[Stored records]
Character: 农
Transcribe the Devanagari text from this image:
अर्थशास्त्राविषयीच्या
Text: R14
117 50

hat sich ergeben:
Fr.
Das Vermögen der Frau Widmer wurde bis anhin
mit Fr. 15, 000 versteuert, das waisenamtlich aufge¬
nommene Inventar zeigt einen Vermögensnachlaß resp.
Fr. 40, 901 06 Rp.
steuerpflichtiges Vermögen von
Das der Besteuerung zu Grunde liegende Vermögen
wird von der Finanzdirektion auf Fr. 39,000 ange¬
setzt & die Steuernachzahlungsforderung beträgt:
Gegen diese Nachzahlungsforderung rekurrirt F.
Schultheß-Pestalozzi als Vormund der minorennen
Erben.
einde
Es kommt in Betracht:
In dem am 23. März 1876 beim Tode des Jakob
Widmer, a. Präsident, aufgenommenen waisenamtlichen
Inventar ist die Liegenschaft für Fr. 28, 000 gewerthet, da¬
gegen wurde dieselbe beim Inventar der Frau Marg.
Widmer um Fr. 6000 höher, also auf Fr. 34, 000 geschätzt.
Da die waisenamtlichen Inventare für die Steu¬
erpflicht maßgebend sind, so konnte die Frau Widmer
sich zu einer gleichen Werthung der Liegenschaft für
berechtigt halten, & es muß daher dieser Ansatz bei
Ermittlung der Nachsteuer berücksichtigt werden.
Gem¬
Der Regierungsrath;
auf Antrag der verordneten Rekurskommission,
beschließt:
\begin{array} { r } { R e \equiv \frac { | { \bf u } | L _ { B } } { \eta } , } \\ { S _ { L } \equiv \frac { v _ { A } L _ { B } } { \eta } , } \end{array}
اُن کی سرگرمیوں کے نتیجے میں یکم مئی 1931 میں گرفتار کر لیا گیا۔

■ **What you will do**: Search the entries for the word "waisenamtlichen". Copy each line where it appears.

■ **Output for this exercise**:
Widmer, a. Präsident, aufgenommenen waisenamtlichen
Da die waisenamtlichen Inventare für die Steu¬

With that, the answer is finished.